Each record below needs to be copied out exactly as it stands.

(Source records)
= = =

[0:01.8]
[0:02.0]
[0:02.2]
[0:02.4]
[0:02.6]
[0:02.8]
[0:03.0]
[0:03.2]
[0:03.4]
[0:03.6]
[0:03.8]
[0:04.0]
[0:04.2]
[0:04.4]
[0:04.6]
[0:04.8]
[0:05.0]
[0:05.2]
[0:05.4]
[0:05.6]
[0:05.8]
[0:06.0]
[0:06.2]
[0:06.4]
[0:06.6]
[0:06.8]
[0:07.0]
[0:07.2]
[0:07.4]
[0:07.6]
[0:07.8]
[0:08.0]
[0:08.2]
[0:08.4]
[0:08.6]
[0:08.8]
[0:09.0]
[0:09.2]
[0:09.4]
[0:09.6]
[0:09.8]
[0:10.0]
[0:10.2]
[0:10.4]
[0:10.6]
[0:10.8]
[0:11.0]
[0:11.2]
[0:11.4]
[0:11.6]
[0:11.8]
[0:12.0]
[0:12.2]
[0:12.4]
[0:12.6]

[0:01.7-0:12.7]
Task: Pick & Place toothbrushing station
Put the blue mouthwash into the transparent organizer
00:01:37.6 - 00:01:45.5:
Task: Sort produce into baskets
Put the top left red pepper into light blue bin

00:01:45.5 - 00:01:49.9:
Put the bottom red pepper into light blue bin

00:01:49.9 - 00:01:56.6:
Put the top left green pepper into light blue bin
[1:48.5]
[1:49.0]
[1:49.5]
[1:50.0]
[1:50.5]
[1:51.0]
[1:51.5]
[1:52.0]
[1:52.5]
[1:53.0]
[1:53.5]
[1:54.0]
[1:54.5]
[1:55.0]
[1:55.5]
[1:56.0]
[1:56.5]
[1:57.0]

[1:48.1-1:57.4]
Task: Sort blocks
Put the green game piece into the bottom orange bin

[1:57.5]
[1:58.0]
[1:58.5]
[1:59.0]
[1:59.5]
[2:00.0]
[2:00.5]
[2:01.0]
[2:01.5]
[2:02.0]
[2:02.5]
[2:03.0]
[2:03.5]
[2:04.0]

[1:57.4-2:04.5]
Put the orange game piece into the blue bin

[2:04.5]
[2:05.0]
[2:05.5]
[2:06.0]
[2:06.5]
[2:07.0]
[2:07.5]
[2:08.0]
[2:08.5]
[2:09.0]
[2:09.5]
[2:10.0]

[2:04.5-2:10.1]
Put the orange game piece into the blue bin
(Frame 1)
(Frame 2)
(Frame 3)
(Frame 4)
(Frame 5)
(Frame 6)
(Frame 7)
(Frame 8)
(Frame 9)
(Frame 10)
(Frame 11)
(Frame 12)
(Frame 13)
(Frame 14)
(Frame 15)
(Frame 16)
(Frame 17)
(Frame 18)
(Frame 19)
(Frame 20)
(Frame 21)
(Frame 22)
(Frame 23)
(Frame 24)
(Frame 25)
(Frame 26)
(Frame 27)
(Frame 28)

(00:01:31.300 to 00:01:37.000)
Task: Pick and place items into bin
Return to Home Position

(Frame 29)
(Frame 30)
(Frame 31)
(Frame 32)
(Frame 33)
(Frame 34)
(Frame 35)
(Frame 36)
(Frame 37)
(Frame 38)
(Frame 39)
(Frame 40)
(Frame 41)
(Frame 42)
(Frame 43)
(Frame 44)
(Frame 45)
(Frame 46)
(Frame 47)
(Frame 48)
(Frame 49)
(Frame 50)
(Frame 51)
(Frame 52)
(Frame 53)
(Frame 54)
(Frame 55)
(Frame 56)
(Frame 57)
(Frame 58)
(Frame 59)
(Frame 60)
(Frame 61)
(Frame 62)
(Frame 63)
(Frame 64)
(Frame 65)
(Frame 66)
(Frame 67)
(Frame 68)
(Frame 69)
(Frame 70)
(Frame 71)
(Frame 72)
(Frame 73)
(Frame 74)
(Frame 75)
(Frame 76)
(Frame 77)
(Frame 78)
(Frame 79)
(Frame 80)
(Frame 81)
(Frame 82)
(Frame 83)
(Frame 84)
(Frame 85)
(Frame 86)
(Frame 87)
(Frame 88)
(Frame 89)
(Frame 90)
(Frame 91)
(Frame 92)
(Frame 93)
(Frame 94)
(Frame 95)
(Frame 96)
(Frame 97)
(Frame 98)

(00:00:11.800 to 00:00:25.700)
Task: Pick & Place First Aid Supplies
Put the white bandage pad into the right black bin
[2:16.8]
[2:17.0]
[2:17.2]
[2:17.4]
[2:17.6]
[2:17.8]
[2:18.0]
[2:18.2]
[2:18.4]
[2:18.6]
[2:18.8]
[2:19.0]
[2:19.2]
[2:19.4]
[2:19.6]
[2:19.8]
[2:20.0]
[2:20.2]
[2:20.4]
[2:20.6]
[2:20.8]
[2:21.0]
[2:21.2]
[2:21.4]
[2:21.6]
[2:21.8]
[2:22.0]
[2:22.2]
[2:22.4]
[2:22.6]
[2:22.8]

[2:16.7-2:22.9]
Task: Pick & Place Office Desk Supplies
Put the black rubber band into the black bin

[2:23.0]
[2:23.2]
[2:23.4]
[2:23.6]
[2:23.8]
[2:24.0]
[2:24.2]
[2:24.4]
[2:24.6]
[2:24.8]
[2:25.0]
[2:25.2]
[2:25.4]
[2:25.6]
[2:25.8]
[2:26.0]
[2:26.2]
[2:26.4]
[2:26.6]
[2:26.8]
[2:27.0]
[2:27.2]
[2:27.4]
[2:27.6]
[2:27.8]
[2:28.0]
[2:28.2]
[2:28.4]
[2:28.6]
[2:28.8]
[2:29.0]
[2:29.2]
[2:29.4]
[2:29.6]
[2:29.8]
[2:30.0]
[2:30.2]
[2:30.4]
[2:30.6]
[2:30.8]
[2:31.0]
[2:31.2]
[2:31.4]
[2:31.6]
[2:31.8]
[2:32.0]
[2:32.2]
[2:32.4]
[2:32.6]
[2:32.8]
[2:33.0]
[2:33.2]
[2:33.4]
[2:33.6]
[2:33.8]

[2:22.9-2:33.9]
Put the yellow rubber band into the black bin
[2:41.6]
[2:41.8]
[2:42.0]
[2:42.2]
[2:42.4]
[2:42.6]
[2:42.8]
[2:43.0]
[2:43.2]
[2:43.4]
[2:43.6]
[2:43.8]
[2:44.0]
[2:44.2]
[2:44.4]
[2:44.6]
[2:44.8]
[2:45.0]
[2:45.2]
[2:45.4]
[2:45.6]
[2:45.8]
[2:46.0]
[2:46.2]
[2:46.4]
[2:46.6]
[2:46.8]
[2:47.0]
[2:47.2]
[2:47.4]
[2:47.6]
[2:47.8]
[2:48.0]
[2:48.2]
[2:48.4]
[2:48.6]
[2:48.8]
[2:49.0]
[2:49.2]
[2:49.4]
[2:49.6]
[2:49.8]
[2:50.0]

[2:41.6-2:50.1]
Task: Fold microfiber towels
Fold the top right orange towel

= = =

ANSWER AREA ::
[0:01.8]
[0:02.0]
[0:02.2]
[0:02.4]
[0:02.6]
[0:02.8]
[0:03.0]
[0:03.2]
[0:03.4]
[0:03.6]
[0:03.8]
[0:04.0]
[0:04.2]
[0:04.4]
[0:04.6]
[0:04.8]
[0:05.0]
[0:05.2]
[0:05.4]
[0:05.6]
[0:05.8]
[0:06.0]
[0:06.2]
[0:06.4]
[0:06.6]
[0:06.8]
[0:07.0]
[0:07.2]
[0:07.4]
[0:07.6]
[0:07.8]
[0:08.0]
[0:08.2]
[0:08.4]
[0:08.6]
[0:08.8]
[0:09.0]
[0:09.2]
[0:09.4]
[0:09.6]
[0:09.8]
[0:10.0]
[0:10.2]
[0:10.4]
[0:10.6]
[0:10.8]
[0:11.0]
[0:11.2]
[0:11.4]
[0:11.6]
[0:11.8]
[0:12.0]
[0:12.2]
[0:12.4]
[0:12.6]

[0:01.7-0:12.7]
Task: Pick & Place toothbrushing station
Put the blue mouthwash into the transparent organizer
00:01:37.6 - 00:01:45.5:
Task: Sort produce into baskets
Put the top left red pepper into light blue bin

00:01:45.5 - 00:01:49.9:
Put the bottom red pepper into light blue bin

00:01:49.9 - 00:01:56.6:
Put the top left green pepper into light blue bin
[1:48.5]
[1:49.0]
[1:49.5]
[1:50.0]
[1:50.5]
[1:51.0]
[1:51.5]
[1:52.0]
[1:52.5]
[1:53.0]
[1:53.5]
[1:54.0]
[1:54.5]
[1:55.0]
[1:55.5]
[1:56.0]
[1:56.5]
[1:57.0]

[1:48.1-1:57.4]
Task: Sort blocks
Put the green game piece into the bottom orange bin

[1:57.5]
[1:58.0]
[1:58.5]
[1:59.0]
[1:59.5]
[2:00.0]
[2:00.5]
[2:01.0]
[2:01.5]
[2:02.0]
[2:02.5]
[2:03.0]
[2:03.5]
[2:04.0]

[1:57.4-2:04.5]
Put the orange game piece into the blue bin

[2:04.5]
[2:05.0]
[2:05.5]
[2:06.0]
[2:06.5]
[2:07.0]
[2:07.5]
[2:08.0]
[2:08.5]
[2:09.0]
[2:09.5]
[2:10.0]

[2:04.5-2:10.1]
Put the orange game piece into the blue bin
(Frame 1)
(Frame 2)
(Frame 3)
(Frame 4)
(Frame 5)
(Frame 6)
(Frame 7)
(Frame 8)
(Frame 9)
(Frame 10)
(Frame 11)
(Frame 12)
(Frame 13)
(Frame 14)
(Frame 15)
(Frame 16)
(Frame 17)
(Frame 18)
(Frame 19)
(Frame 20)
(Frame 21)
(Frame 22)
(Frame 23)
(Frame 24)
(Frame 25)
(Frame 26)
(Frame 27)
(Frame 28)

(00:01:31.300 to 00:01:37.000)
Task: Pick and place items into bin
Return to Home Position

(Frame 29)
(Frame 30)
(Frame 31)
(Frame 32)
(Frame 33)
(Frame 34)
(Frame 35)
(Frame 36)
(Frame 37)
(Frame 38)
(Frame 39)
(Frame 40)
(Frame 41)
(Frame 42)
(Frame 43)
(Frame 44)
(Frame 45)
(Frame 46)
(Frame 47)
(Frame 48)
(Frame 49)
(Frame 50)
(Frame 51)
(Frame 52)
(Frame 53)
(Frame 54)
(Frame 55)
(Frame 56)
(Frame 57)
(Frame 58)
(Frame 59)
(Frame 60)
(Frame 61)
(Frame 62)
(Frame 63)
(Frame 64)
(Frame 65)
(Frame 66)
(Frame 67)
(Frame 68)
(Frame 69)
(Frame 70)
(Frame 71)
(Frame 72)
(Frame 73)
(Frame 74)
(Frame 75)
(Frame 76)
(Frame 77)
(Frame 78)
(Frame 79)
(Frame 80)
(Frame 81)
(Frame 82)
(Frame 83)
(Frame 84)
(Frame 85)
(Frame 86)
(Frame 87)
(Frame 88)
(Frame 89)
(Frame 90)
(Frame 91)
(Frame 92)
(Frame 93)
(Frame 94)
(Frame 95)
(Frame 96)
(Frame 97)
(Frame 98)

(00:00:11.800 to 00:00:25.700)
Task: Pick & Place First Aid Supplies
Put the white bandage pad into the right black bin
[2:16.8]
[2:17.0]
[2:17.2]
[2:17.4]
[2:17.6]
[2:17.8]
[2:18.0]
[2:18.2]
[2:18.4]
[2:18.6]
[2:18.8]
[2:19.0]
[2:19.2]
[2:19.4]
[2:19.6]
[2:19.8]
[2:20.0]
[2:20.2]
[2:20.4]
[2:20.6]
[2:20.8]
[2:21.0]
[2:21.2]
[2:21.4]
[2:21.6]
[2:21.8]
[2:22.0]
[2:22.2]
[2:22.4]
[2:22.6]
[2:22.8]

[2:16.7-2:22.9]
Task: Pick & Place Office Desk Supplies
Put the black rubber band into the black bin

[2:23.0]
[2:23.2]
[2:23.4]
[2:23.6]
[2:23.8]
[2:24.0]
[2:24.2]
[2:24.4]
[2:24.6]
[2:24.8]
[2:25.0]
[2:25.2]
[2:25.4]
[2:25.6]
[2:25.8]
[2:26.0]
[2:26.2]
[2:26.4]
[2:26.6]
[2:26.8]
[2:27.0]
[2:27.2]
[2:27.4]
[2:27.6]
[2:27.8]
[2:28.0]
[2:28.2]
[2:28.4]
[2:28.6]
[2:28.8]
[2:29.0]
[2:29.2]
[2:29.4]
[2:29.6]
[2:29.8]
[2:30.0]
[2:30.2]
[2:30.4]
[2:30.6]
[2:30.8]
[2:31.0]
[2:31.2]
[2:31.4]
[2:31.6]
[2:31.8]
[2:32.0]
[2:32.2]
[2:32.4]
[2:32.6]
[2:32.8]
[2:33.0]
[2:33.2]
[2:33.4]
[2:33.6]
[2:33.8]

[2:22.9-2:33.9]
Put the yellow rubber band into the black bin
[2:41.6]
[2:41.8]
[2:42.0]
[2:42.2]
[2:42.4]
[2:42.6]
[2:42.8]
[2:43.0]
[2:43.2]
[2:43.4]
[2:43.6]
[2:43.8]
[2:44.0]
[2:44.2]
[2:44.4]
[2:44.6]
[2:44.8]
[2:45.0]
[2:45.2]
[2:45.4]
[2:45.6]
[2:45.8]
[2:46.0]
[2:46.2]
[2:46.4]
[2:46.6]
[2:46.8]
[2:47.0]
[2:47.2]
[2:47.4]
[2:47.6]
[2:47.8]
[2:48.0]
[2:48.2]
[2:48.4]
[2:48.6]
[2:48.8]
[2:49.0]
[2:49.2]
[2:49.4]
[2:49.6]
[2:49.8]
[2:50.0]

[2:41.6-2:50.1]
Task: Fold microfiber towels
Fold the top right orange towel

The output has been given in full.